Anne of Green Gables
I first watched Anne of Green Gables on PBS in 1985 at my friend Jill Boroom’s house. Realizing the mini-series was based upon a series of books by L.M. Montgomery, I was eager to read them. The first book captured my imagination as much as the series did. In fact, I took to giving all the landscapes around me romantic sounding names.
Smiley Road had a stretch the often smelled in the hot summers, so I called it Sewer Sill. There was a part of the road up on a hill that overlooked a valley, hence the name Valley View. And across the road was Lake View There was a house hidden back behind a bunch of trees which I named The Mysterious Mansion. Not that it was an actual mansion, but I imagined it to be so. I also tried to found the speech she recited about the Lady of Shallot and learned the words to the poem by Tennyson.

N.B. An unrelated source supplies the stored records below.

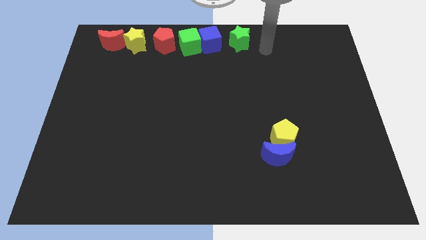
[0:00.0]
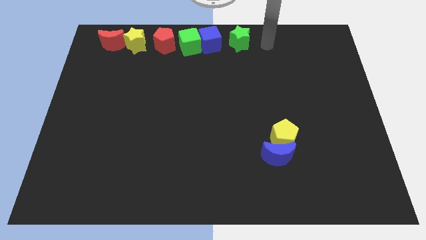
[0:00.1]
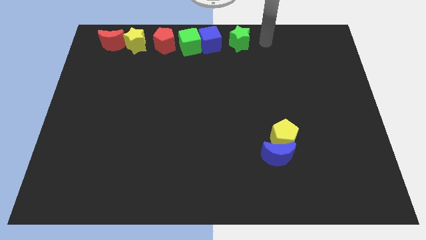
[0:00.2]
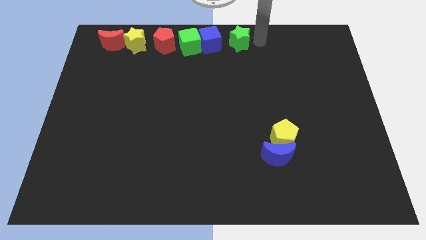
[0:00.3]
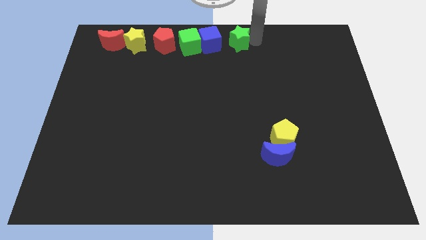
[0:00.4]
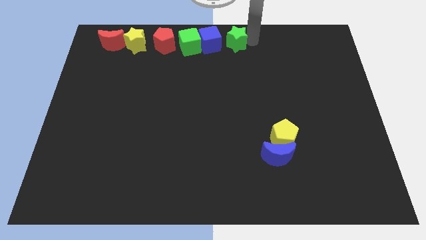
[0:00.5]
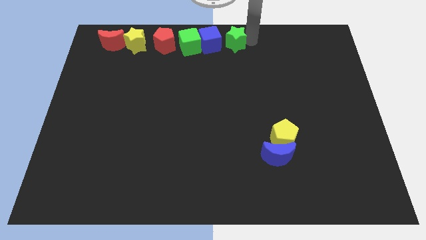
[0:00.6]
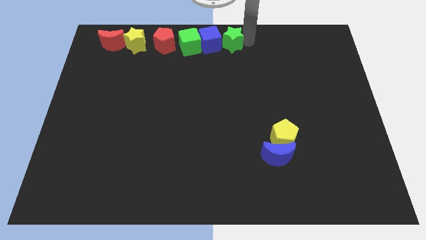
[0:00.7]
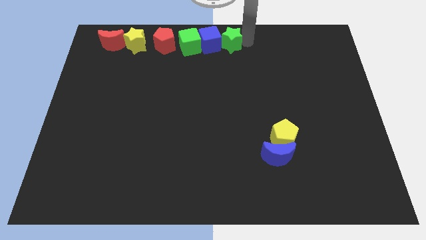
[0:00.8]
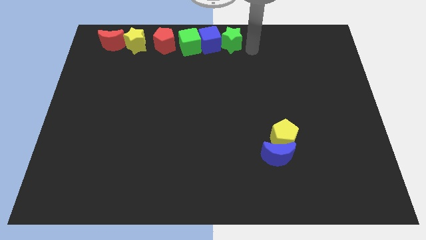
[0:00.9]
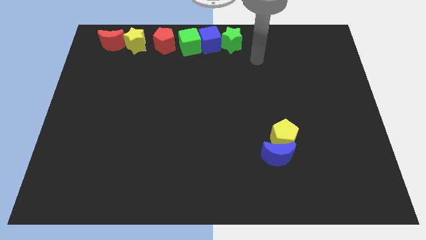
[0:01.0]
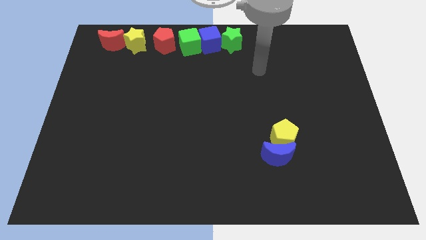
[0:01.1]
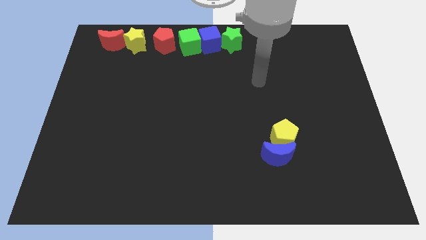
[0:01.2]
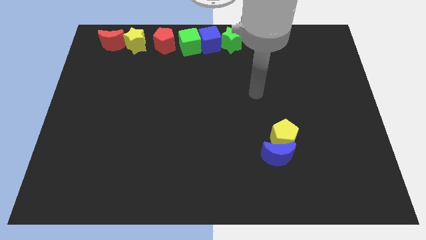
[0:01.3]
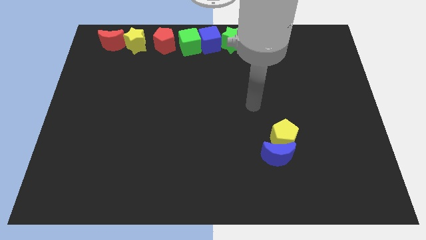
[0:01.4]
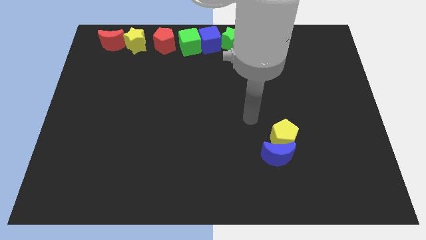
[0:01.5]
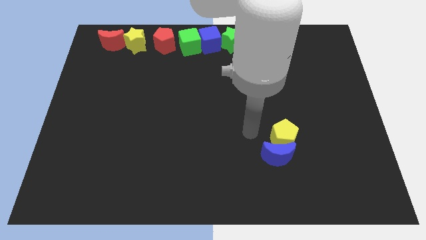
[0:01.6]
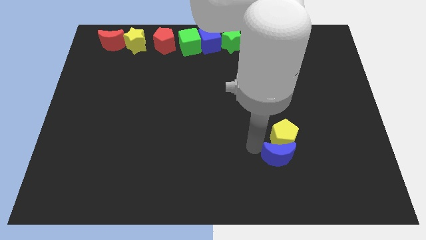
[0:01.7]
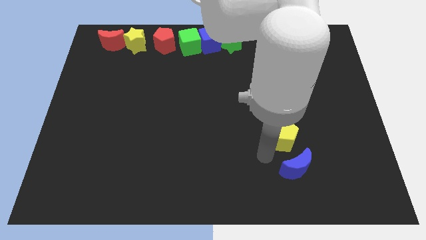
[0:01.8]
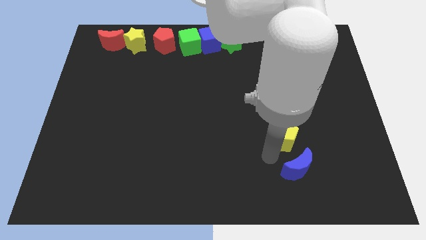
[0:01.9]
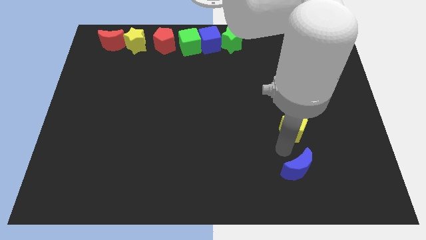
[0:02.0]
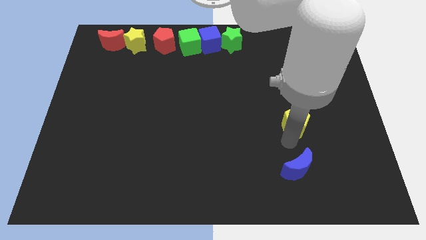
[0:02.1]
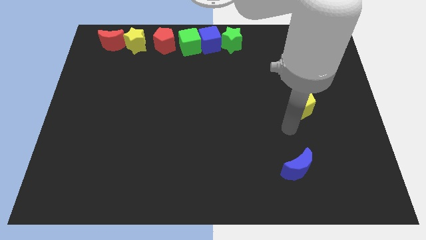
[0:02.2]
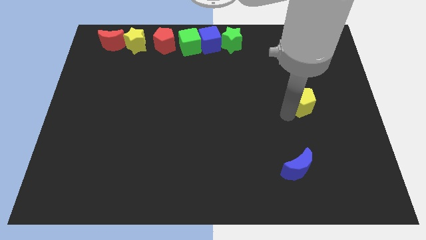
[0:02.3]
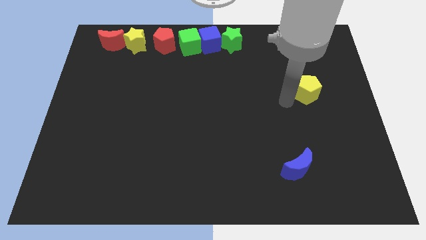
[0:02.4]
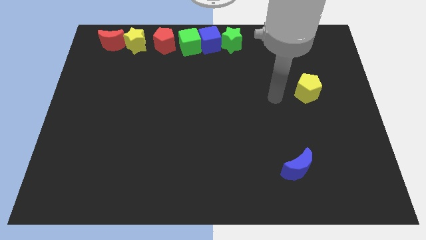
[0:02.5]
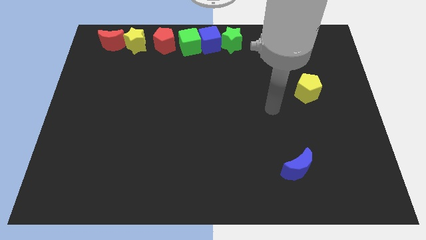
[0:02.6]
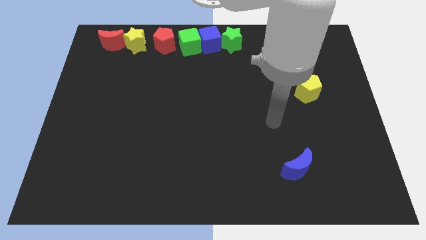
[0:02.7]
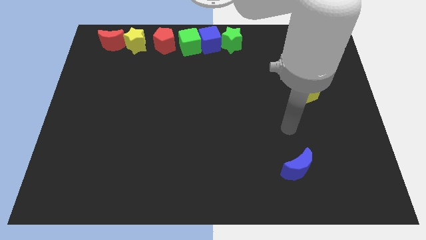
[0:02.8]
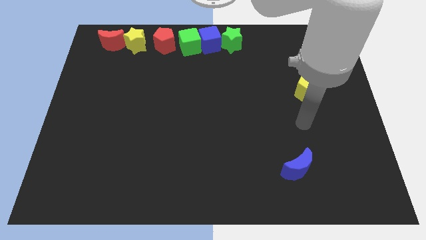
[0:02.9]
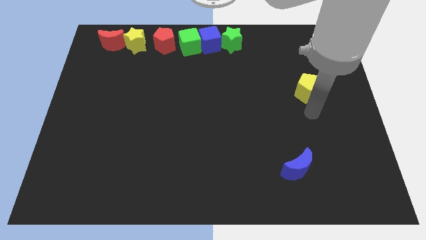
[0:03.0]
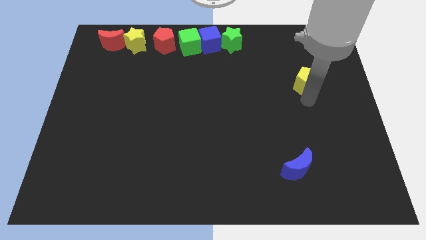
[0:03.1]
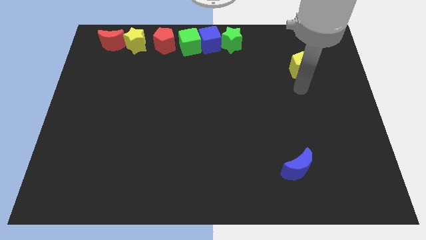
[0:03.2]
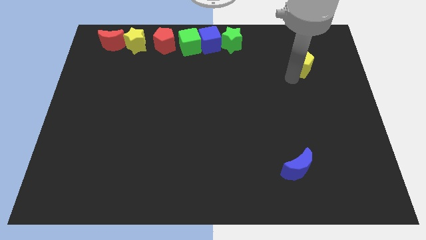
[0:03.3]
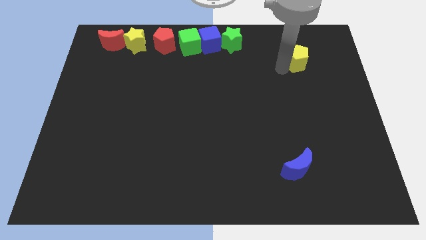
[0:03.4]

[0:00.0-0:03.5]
move yellow pentagon towards the top

I continued on in the series reading Anne of Avonlea, Anne of the Island, Anne of Windy Poplars, Anne’s House of Dreams, Anne of Ingleside, Rainbow Valley and Rilla of Ingleside. I also tried to read the Emily of the New Moon series, but couldn’t get into it. Later I picked up the Chronicles of Avonlea, Further Chronicles of Avonlea and Kilmey of the Orchard.
I also imagined that my best friend Jill was like Diana and I was like Anne. We were never forbidden from seeing each other and our relationship held a lot less drama than Anne and Diana’s. Eventually she and I drifted apart. However, she remained close to home and got married like Diana, while I went to college, traveled and taught like Anne.
I’m not sure what my favorite book in the Series is. Although I enjoyed her banter with Gilbert Blythe in the first three books, I enjoyed the particular Gothic Romanticism in Anne of Windy Poplars. Anne’s House of Dreams, Anne of Ingleside and Rainbow Valley were okay. For some reason I connected to Rilla of Ingleside. For awhile I toyed with the idea of naming my son Walter after Anne’s son who fights in WWI.
However, I must say I disappointed by Kevin Sullivan’s follow up to the1985 mini-series. Anne of Avonlea, which aired in 1987, was a combination of Anne of Avonlea, Anne of the Island and Anne of Windy Poplars. It was not a good idea to combine them all into one. I had hoped for him to follow the books more closely. I was even more upset by the third movie in the series, which strayed from the series completely. It had Anne living and writing during WWI. Instead of having her sons go off to war as they did in Rilla of Ingleside, she was the one to experience the horrors of war first hand. Anne was supposed to be married, have children of her own and be quite a bit older during the time period they put her in. Instead, it as if no time had passed from Anne of Avonlea, which was some twenty years previous.
I still own the Anne of Green Gables Series by L.M. Montgomery and hope to share them with my daughter soon. She is now the same age I was when I discovered them.